Brown v. State

777 S.E.2d 466, 297 Ga. 685, 2015 Ga. LEXIS 665
CourtSupreme Court of Georgia
DecidedSeptember 14, 2015
DocketS15A0992
StatusPublished
Cited by21 cases

This text of 777 S.E.2d 466 (Brown v. State) is published on Counsel Stack Legal Research, covering Supreme Court of Georgia primary law. Counsel Stack provides free access to over 12 million legal documents including statutes, case law, regulations, and constitutions.

Bluebook
Brown v. State, 777 S.E.2d 466, 297 Ga. 685, 2015 Ga. LEXIS 665 (Ga. 2015).

Opinion

NAHMIAS, Justice.

Appellant Corey Allen Brown was convicted of felony murder based on child cruelty in connection with the death of two-year-old Prince Davis, Jr. Appellant contends that the evidence presented at his trial was insufficient to support his conviction; that his trial counsel provided ineffective assistance by failing to object to the jury instructions on proximate causation and by failing to request a mistrial during closing arguments; and that the trial court erred by giving a jury instruction on prior consistent statements. We affirm. 1

1. Viewed in the light most favorable to the verdict, the evidence at trial showed the following. In March 2006, Appellant and Andrea Wilson, his live-in girlfriend and co-defendant, agreed to take in and care for Davis while the child’s mother, who was Wilson’s cousin, was incarcerated. Davis was under the exclusive care of Wilson and Appellant for the next nine months.

Family members who had previously cared for Davis testified that he was generally a happy and healthy baby with a normal appetite; his only medical problem was that he had asthma and occasionally needed to treat flare-ups with a breathing machine. By contrast, Appellant and Wilson told investigators that when Davis was in their care, he was sickly, threw temper tantrums, had seizures, and refused to eat. Appellant told investigators that he and Wilson believed Davis had demons inside him, and they frequently prayed over him and tried to force him to swallow prayer oil.

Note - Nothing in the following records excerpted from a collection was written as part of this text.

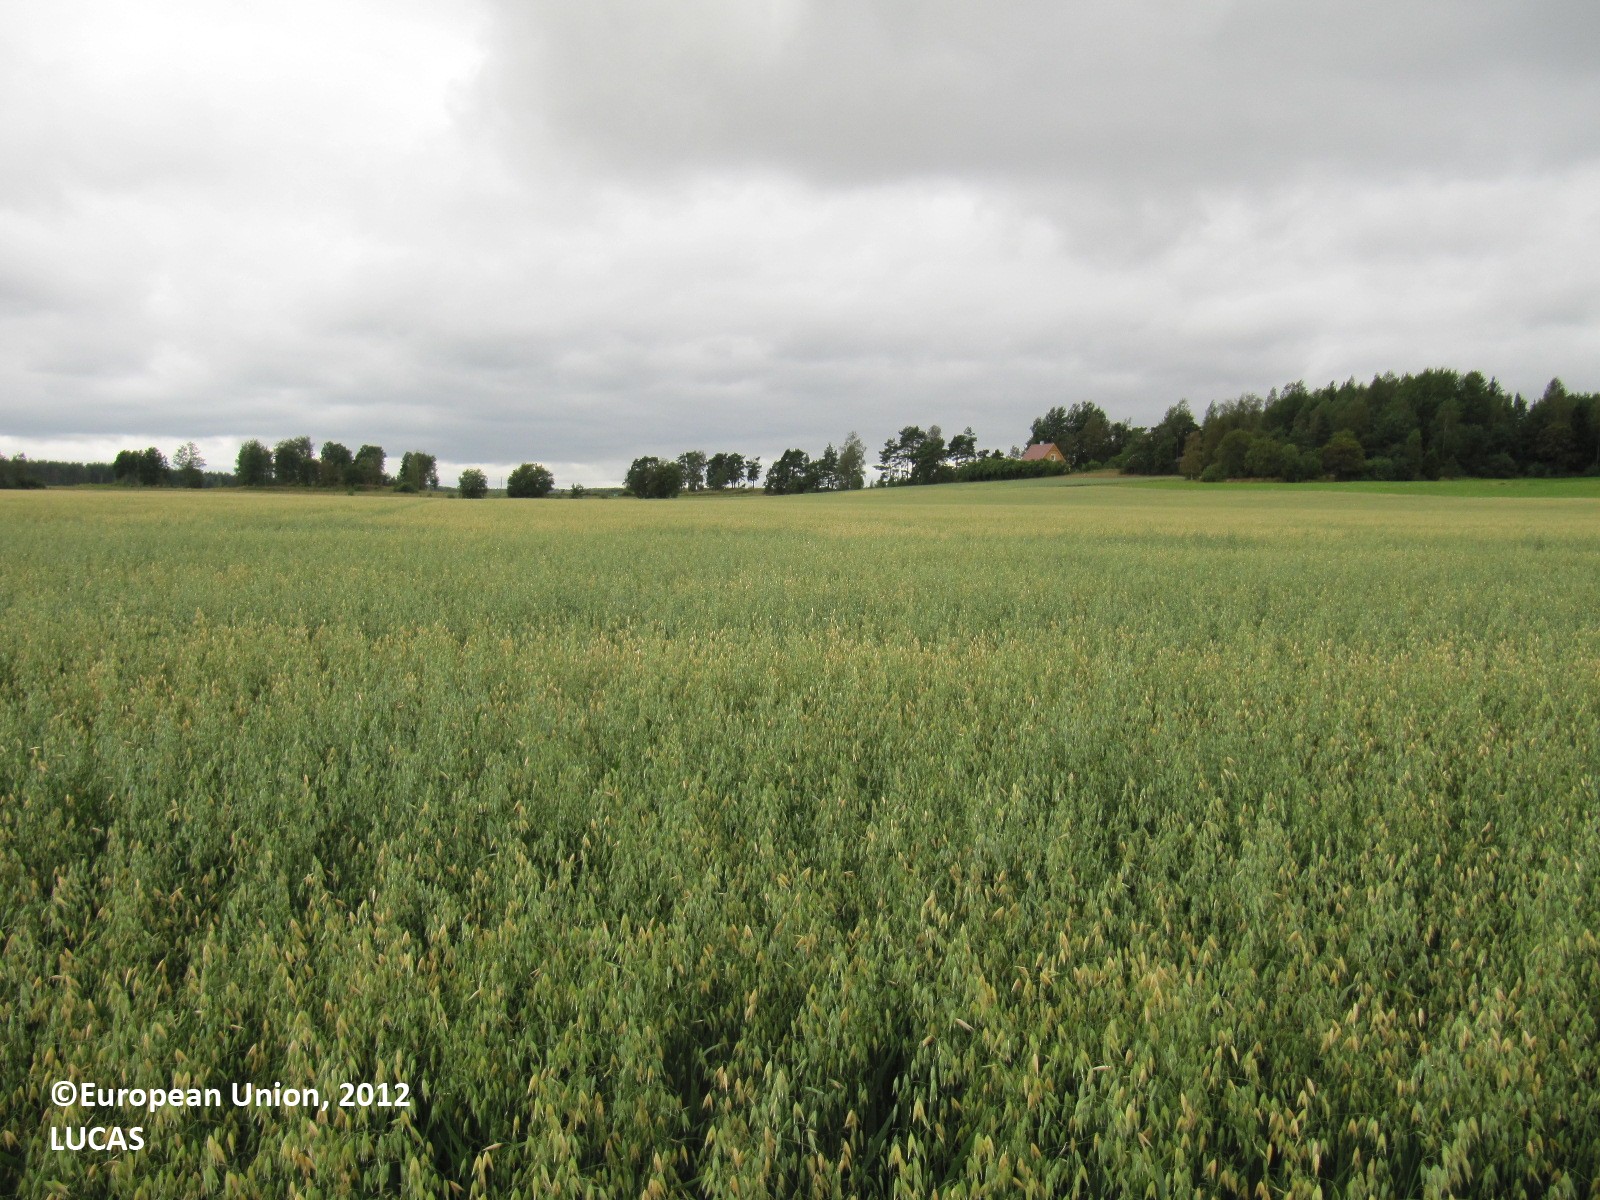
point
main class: Cropland
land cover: Oats
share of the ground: > 75 %
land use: Agriculture (excluding fallow land and kitchen gardens)
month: August
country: FI
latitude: 60.1785
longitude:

At trial, Appellant did not testify. Wilson testified that she had seen Appellant beating Davis on numerous occasions, but she was too afraid to intervene because he had been abusive to her in the past. Wilson’s cousin also testified that he saw Appellant hitting the child *686 at least twice during his brief stay as a houseguest. Wilson and her cousin both described Appellant hitting Davis in the middle of the back by making a chopping motion with his hand. They also saw Appellant beating the child hard with a belt. Wilson and Appellant admitted to investigators that they both hit Davis with switches and a wet washcloth, but claimed that they stopped when they realized it was leaving marks on his skin.

On January 16, 2007, Appellant rode his bicycle to a job site roughly two miles from his home, signing into work at 5:15 p.m. According to Wilson, sometime after Appellant left, she was with Davis outside the house and put a Bible on his stomach until she saw “his head slumped back like he was sleepy”; she then took Davis inside, sat him in a car seat, and went into the kitchen to heat up some oatmeal; and when she returned, she found that the child had fallen out of the car seat and was not breathing. Wilson went to a neighbor’s house to call 911 at approximately 6:43 p.m. The paramedics and emergency room staff could not revive Davis, and he was pronounced dead at the hospital at 8:00 p.m.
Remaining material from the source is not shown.